Re: [DISCUSS] Adding support for BETWEEN operator

2024-05-15 Thread Jeff Jirsa
You can remove the shadowed values at compaction time, but you can’t ever fully 
propagate the range update to point updates, so you’d be propagating all of the 
range-update structures throughout everything forever.

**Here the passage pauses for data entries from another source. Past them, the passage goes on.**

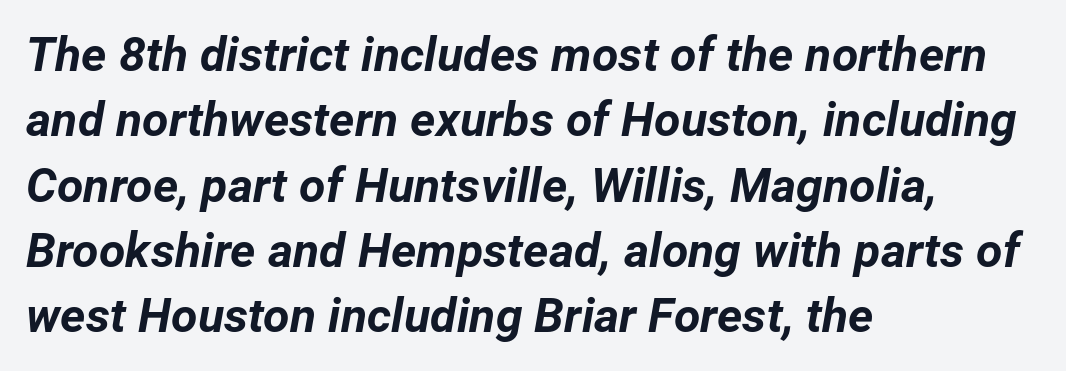
{"italic": "yes", "lean": "right", "slant_degrees": 12, "bold": "yes", "weight": "bold", "width": "normal", "stroke_contrast": "low", "x_height": "medium", "monospaced": "no", "underline": "no", "align": "left", "line_spacing": "normal", "line_spacing_ratio": 1.36, "letter_spacing": "normal", "letter_spacing_em": 0.0, "glyph_px": 48}
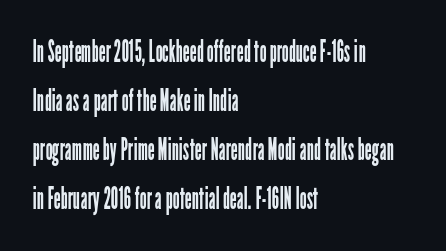
The block of text has a typical density, with ordinary space between rows. The typography opts for an upright posture over an oblique one. These lines stack with their left ends in a neat column. This sample has the flowing, uneven cadence of proportional lettering. The rendering shows plain stroke endings on the letterforms — a sans-serif design.
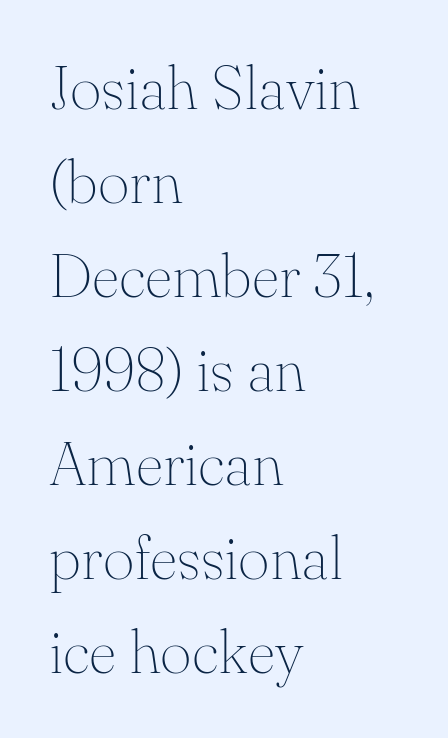
Q: Is the text bold? A: No.
Q: Is the text italic (slanted)? A: No, it is upright.
Q: Is the typeface a serif or a sans-serif typeface? A: Serif.
Q: Is the text underlined? A: No.
Q: How is the paragraph aligned? A: Left-aligned.
Q: Is the spacing between letters normal or unusually wide? A: Normal.
Q: Is the spacing between lines tight, normal or loose? A: Normal.
Q: Width (condensed, normal, or wide)? A: Normal.
Q: Stroke contrast? A: Medium.
Q: x-height? A: Small.
Q: Monospaced? A: No.
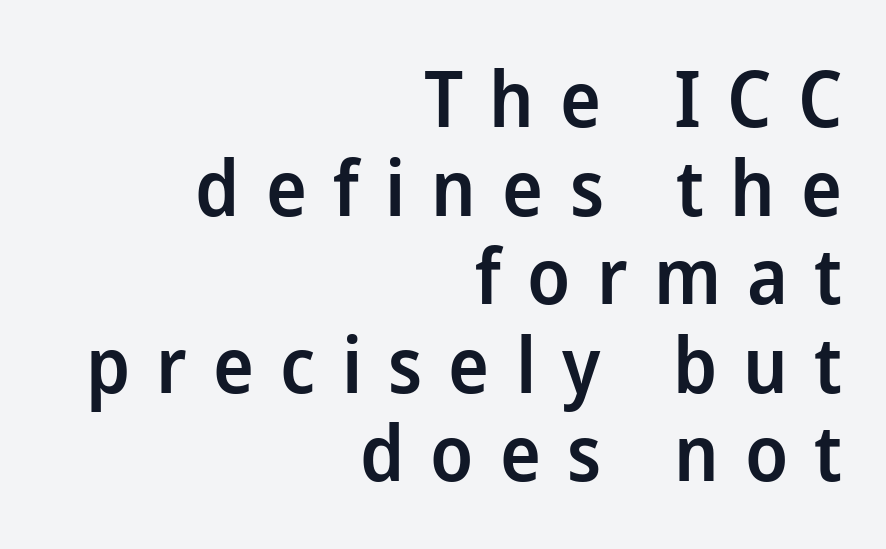
These lines are rendered in a variable-pitch font. Observe the absence of serifs on each vertical stroke in this sample. Quick note: underline off. The lettering stays uniformly vertical, giving the passage a roman look. Tightly led — the rows are bunched. You could only call the tracking loose — the letters float apart.
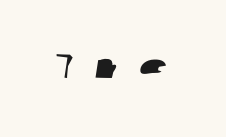
{"serif": "no", "width": "wide", "stroke_contrast": "low", "x_height": "medium", "monospaced": "no", "underline": "no", "letter_spacing": "wide", "letter_spacing_em": 0.41, "glyph_px": 34}
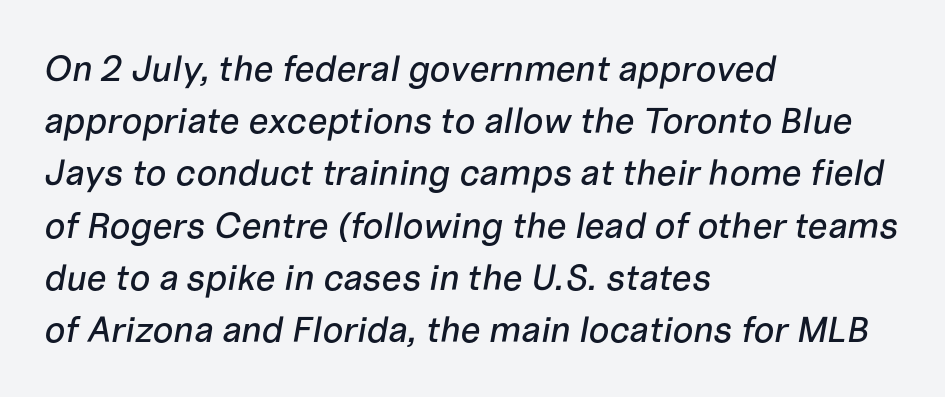
The image shows 36 px text type, italic (leaning right); set left-aligned, normal line spacing (1.45x), normal letter spacing, not underlined; low stroke contrast and a medium x-height.

It’s JUST like a range 
tombstone - you don’t know what it’s shadowing (and can’t, in many cases, 
because the width of the range is uncountable for some types). 

Setting aside whether or not this construct is worth adding (I suspect a lot of 
binding votes would say it’s not), the thread focuses on BETWEEN operator, and 
there’s no reason we should pollute the conversation of “add a missing SQL 
operator that basically maps to existing functionality” with creation of a 
brand new form of update that definitely doesn’t map to any existing concepts. 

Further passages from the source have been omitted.